2. Scaffold the project
mkdir my-first-agent && cd my-first-agent
npm init -y && npm pkg set type=module
npm install ws @anthropic-ai/sdk
echo "ANTHROPIC_API_KEY=sk-ant-..." > .env
echo ".bridge-token" >> .gitignore
echo ".env" >> .gitignoreTwo dependencies: ws for the Sophon WebSocket, and Anthropic's
SDK for the LLM. That's it.
3. Claim the pairing code → bridge token
The pairing flow is two HTTP calls: start mints a code, poll
long-polls until the user types it on iOS. Since iOS already
generated the code in step 1, don't call start — just poll
with the code your phone showed you.
Save this as pair.mjs:
// pair.mjs — run once, persist the bot token, never run again.

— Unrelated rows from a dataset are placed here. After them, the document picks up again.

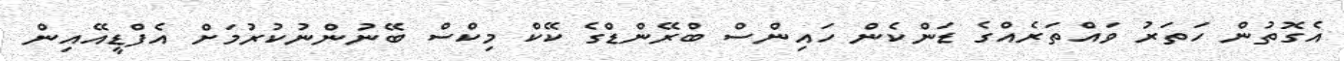
އެގޮތުން ހަތަރު ވައްތަރެެއްގެ ޑަންކެން ހައިންސް ބްރޭންޑްގެ ކޭކް މިކްސް ބޭނުންނުކުރުމަށް އެފްޑީއޭއިން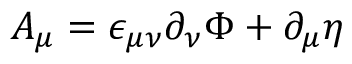
A _ { \mu } = \epsilon _ { \mu \nu } \partial _ { \nu } \Phi + \partial _ { \mu } \eta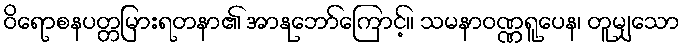
ဝိရောစနပတ္တမြားရတနာ၏ အာနုဘော်ကြောင့်။ သမနာဝဏ္ဏရူပေန၊ တူမျှသော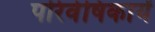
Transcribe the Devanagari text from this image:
परिवेषिकायें

import { writeFileSync } from 'node:fs'
const SOPHON_BASE = 'https://api.sophon.at'
const code = process.argv[2]?.trim().toUpperCase()
if (!code) {
console.error('usage: node pair.mjs <7-letter-code-from-ios>')
process.exit(2)
}
// /v1/pairing/poll long-polls up to 25 s. Loop until the iOS user
// taps Pair (status: 'claimed') or the code expires (~120 s TTL).

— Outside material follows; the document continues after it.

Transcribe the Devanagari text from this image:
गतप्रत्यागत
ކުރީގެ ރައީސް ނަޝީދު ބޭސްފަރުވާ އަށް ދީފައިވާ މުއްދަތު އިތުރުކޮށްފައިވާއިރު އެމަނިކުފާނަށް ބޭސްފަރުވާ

const startedAt = Date.now()
while (Date.now() - startedAt < 120_000) {
const url = new URL(`${SOPHON_BASE}/v1/pairing/poll`)

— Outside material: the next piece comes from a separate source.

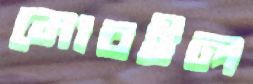
মোবইল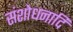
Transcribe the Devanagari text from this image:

url.searchParams.set('code', code)
url.searchParams.set('timeout', '25')
const r = await fetch(url)
const body = await r.json()
if (!body.ok) throw new Error(`poll failed: ${JSON.stringify(body)}`)
const { status, bot_token, sophon_ws_url, installation_id } = body.result
if (status === 'pending') continue // 25 s elapsed, loop
if (status === 'expired') throw new Error('code expired — get a fresh one from iOS')
if (status === 'claimed') {
writeFileSync('.bridge-token', bot_token, { mode: 0o600 })
writeFileSync('.bridge-meta.json', JSON.stringify({
installation_id, sophon_ws_url,
}, null, 2))
console.log(`✓ paired — installation ${installation_id}`)
console.log(` token saved to .bridge-token (0600)`)
process.exit(0)
}
throw new Error(`unexpected status: ${status}`)
}
throw new Error('pairing window timed out')Run it:
node pair.mjs 9FP9SVT # ← your code from iOSThe script blocks on the first poll. Switch back to your phone,
tap Pair. The terminal prints:
✓ paired — installation inst_q9w8e7r6t5y4u3i2
token saved to .bridge-token (0600)
The .bridge-token file holds a string like
inst_q9w8e7r6t5y4u3i2:s_live_AbC123…. Treat it like an SSH key.
You only run pair.mjs once — every subsequent process reads the
file.
4. Open the WebSocket
Save this as bridge.mjs and don't add the LLM yet — first we
just want to see frames arrive.
// bridge.mjs
import { readFileSync } from 'node:fs'
import { WebSocket } from 'ws'
const TOKEN = readFileSync('.bridge-token', 'utf8').trim()
const SOPHON_BASE = 'https://api.sophon.at'
const WS_URL = SOPHON_BASE.replace(/^http/, 'ws') + '/v1/bridge/ws'
const ws = new WebSocket(WS_URL, {
headers: { Authorization: `Bearer ${TOKEN}` },
})
ws.on('open', () => console.log('[ws] open'))
ws.on('close', () => console.log('[ws] close'))
ws.on('error', (e) => console.error('[ws] error', e.message))
ws.on('message', (raw) => {
const frame = JSON.parse(raw.toString())
console.log('[ws] frame:', frame.type)
// Heartbeat: respond to ping within 10 s or the server kicks us.
if (frame.type === 'ping') ws.send(JSON.stringify({ type: 'pong' }))
})Run it:
node bridge.mjsYou should see:
[ws] open
[ws] frame: ready
ready is the server's handshake — it confirms your token is
valid and binds the connection to your installation_id. Every
~30 s you'll also see a ping (your client replies with
pong automatically). Leave the bridge running.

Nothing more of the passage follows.